A Feature Store may feel like overkill when you have just one or two ML models, but it becomes essential infrastructure as the number of models grows and the team scales. Its value is maximized especially when multiple models share the same features.

Quiz

Q1: What is Training-Serving Skew?

It is a phenomenon where model performance degrades because the features used during training differ from those used during serving. Common causes include inconsistencies in feature computation logic, differences in data sources, and misaligned time references.

Q2: What role does Point-in-Time Join play?

It joins the most recent feature values prior to each entity's event timestamp (event_timestamp). This prevents data leakage where future data would be used during training.

Q3: What is the difference between the offline store and online store in Feast?

The offline store holds large volumes of historical features for batch training (files, BigQuery, etc.), while the online store holds only the latest feature values for low-latency real-time serving (Redis, DynamoDB, etc.).

Q4: What does the feast materialize command do?

It synchronizes (loads) feature data from the offline store into the online store.
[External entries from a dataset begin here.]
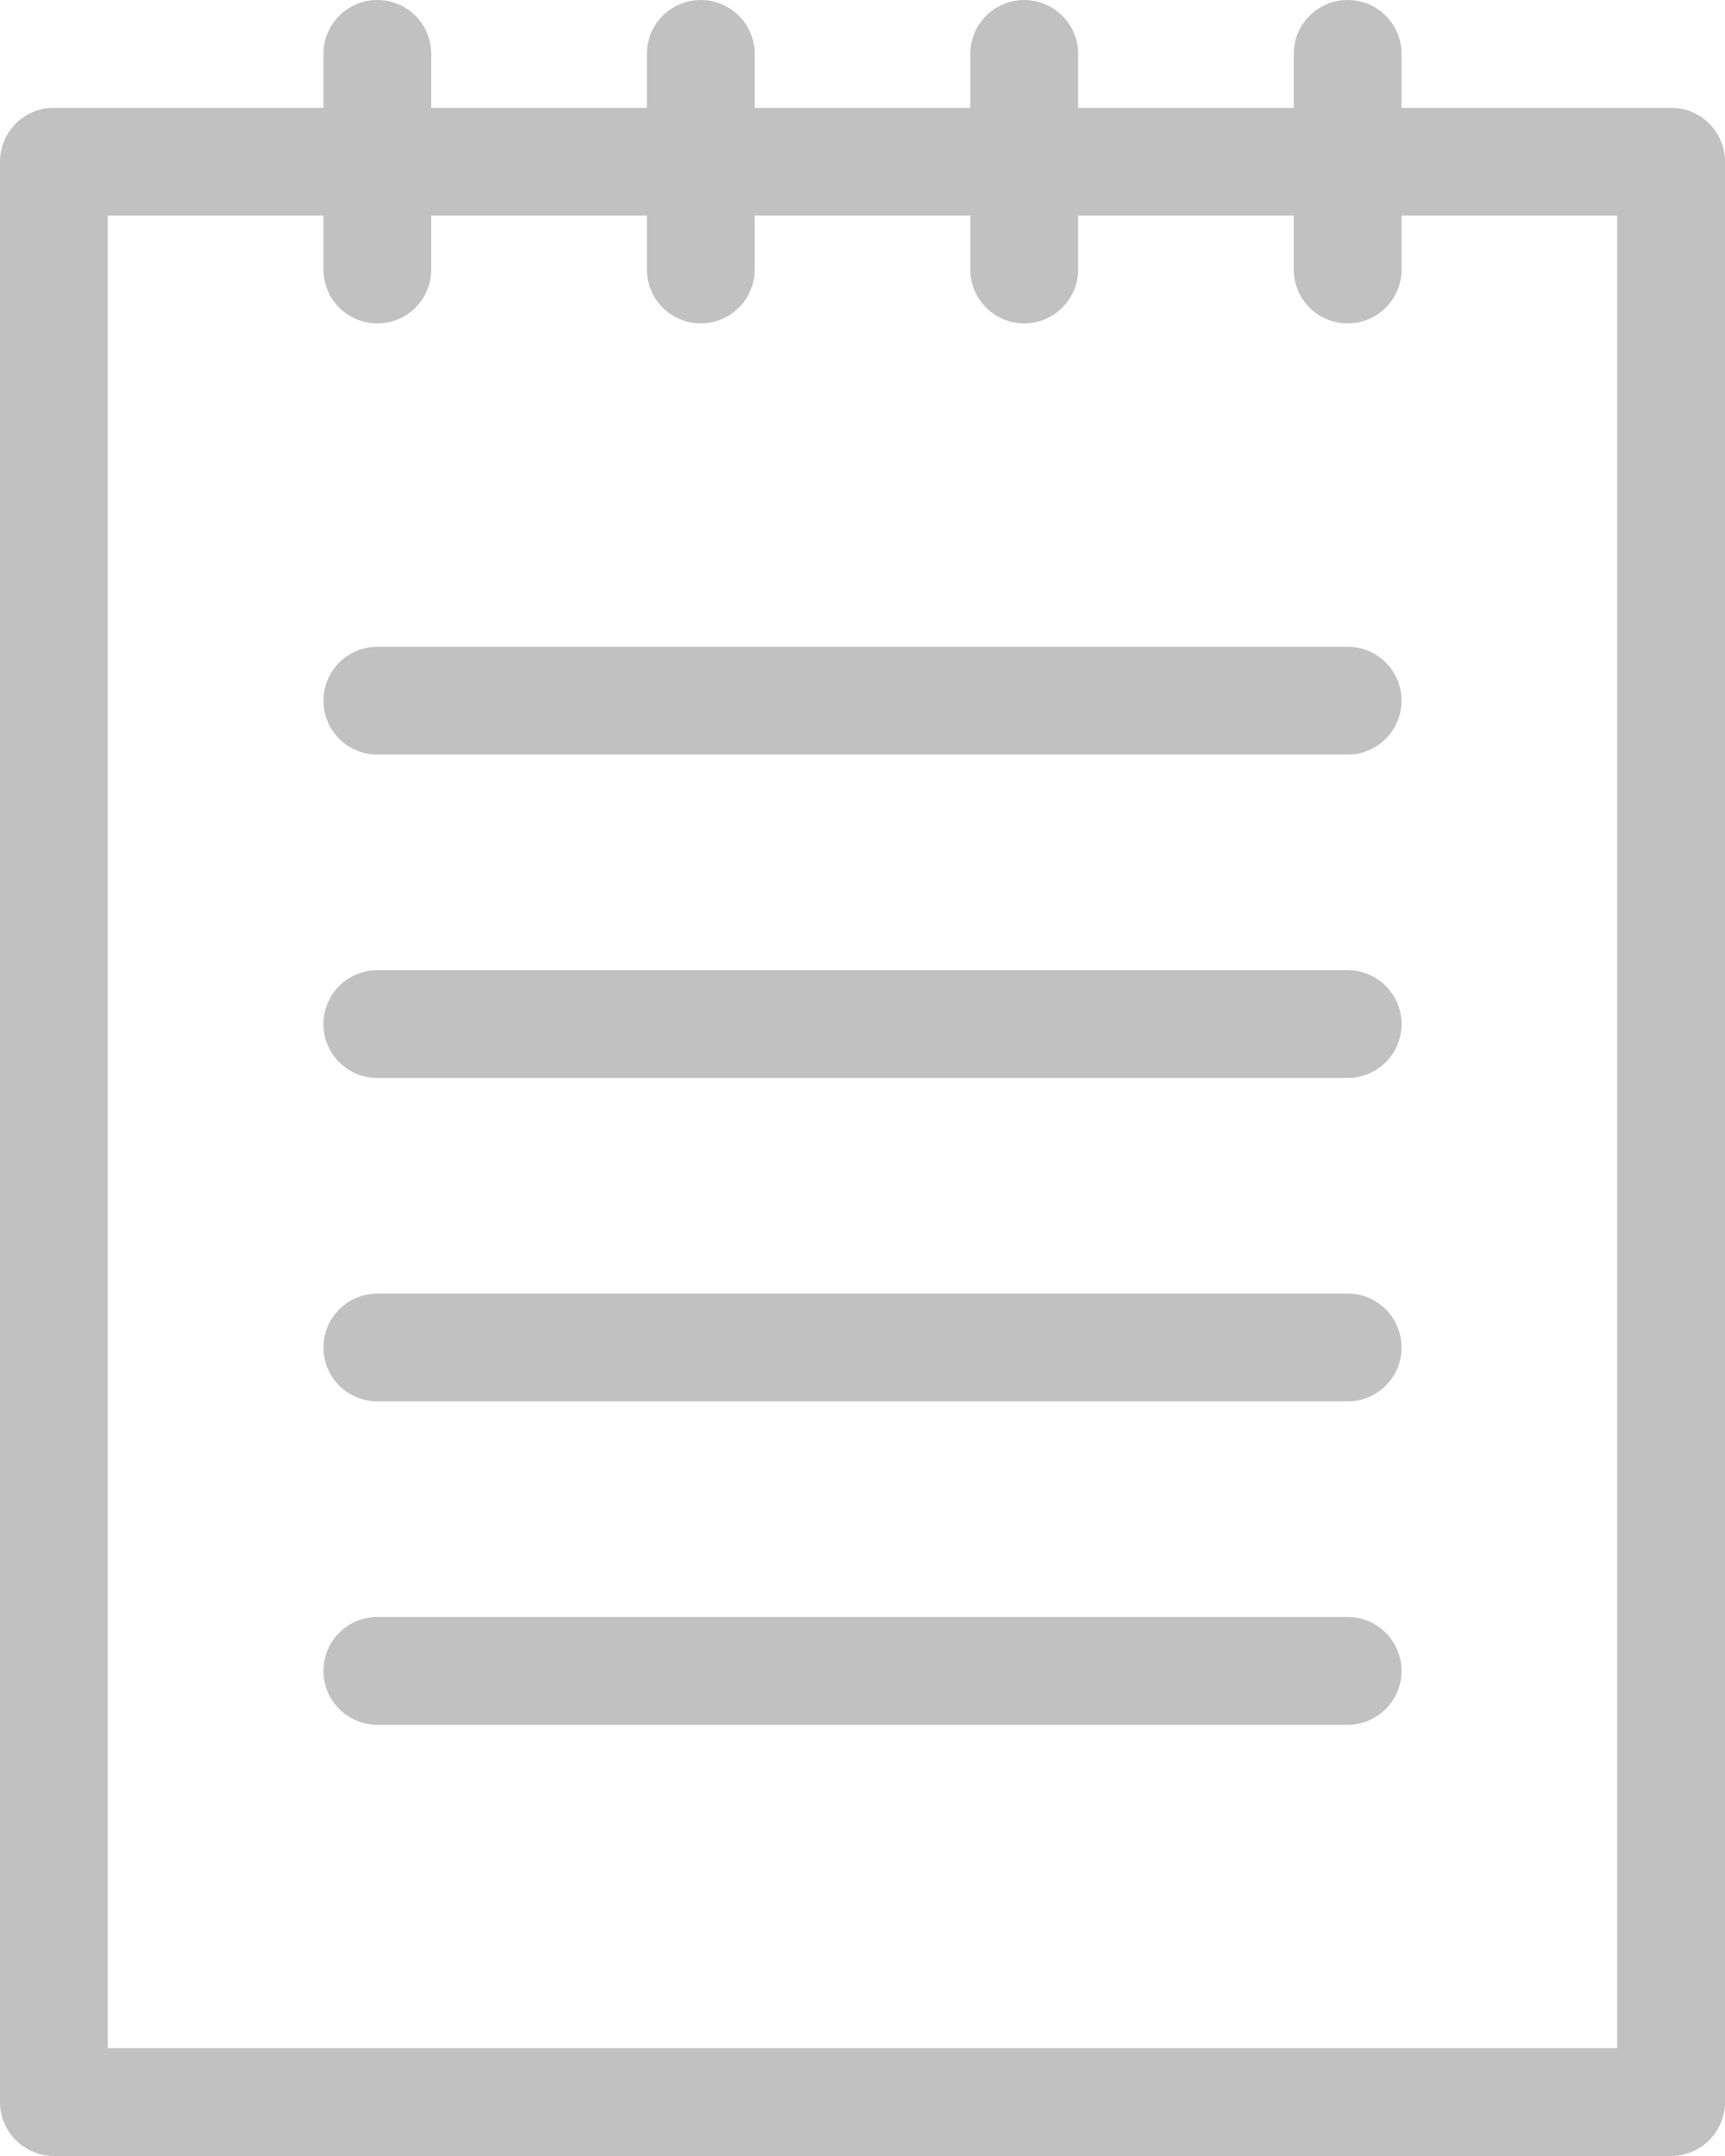 <svg xmlns="http://www.w3.org/2000/svg" width="11.289mm" height="14.111mm" viewBox="0 0 32 40">
  <defs>
    <style>
      .a {
        fill: #c1c1c1;
      }
    </style>
  </defs>
  <title>escudo</title>
  <g>
    <path class="a" d="M31,2H26V1a1,1,0,0,0-2,0V2H20V1a1,1,0,0,0-2,0V2H14V1a1,1,0,0,0-2,0V2H8V1A1,1,0,0,0,6,1V2H1A1,1,0,0,0,0,3V39a1,1,0,0,0,1,1H31a1,1,0,0,0,1-1V3A1,1,0,0,0,31,2ZM30,38H2V4H6V5A1,1,0,0,0,8,5V4h4V5a1,1,0,0,0,2,0V4h4V5a1,1,0,0,0,2,0V4h4V5a1,1,0,0,0,2,0V4h4Z"/>
    <path class="a" d="M25,12H7a1,1,0,0,0,0,2H25a1,1,0,0,0,0-2Z"/>
    <path class="a" d="M25,18H7a1,1,0,0,0,0,2H25a1,1,0,0,0,0-2Z"/>
    <path class="a" d="M25,24H7a1,1,0,0,0,0,2H25a1,1,0,0,0,0-2Z"/>
    <path class="a" d="M25,30H7a1,1,0,0,0,0,2H25a1,1,0,0,0,0-2Z"/>
  </g>
</svg>

It stores the latest feature values for the specified time range in the online store, enabling real-time retrieval.

Q5: What is the difference between On-Demand Feature View and a regular Feature View?

A regular Feature View stores pre-computed features, while an On-Demand Feature View dynamically computes features at request time. It is used for real-time transformations that combine request parameters with existing features.

Q6: What are the benefits of Feature Service?

It allows logical grouping of features needed by each model. It makes it clear which model uses which features and provides a consistent interface for feature retrieval.

Q7: What does the TTL (Time To Live) setting mean?

It specifies the validity period for feature values in the online store. Features past their TTL are returned as null during retrieval, preventing stale feature values from being used in serving.

Q8: When would you use Push Source?

It is used when the online store features need to be updated immediately upon real-time events (payments, clicks, etc.). It keeps features up to date between periodic batch materializations.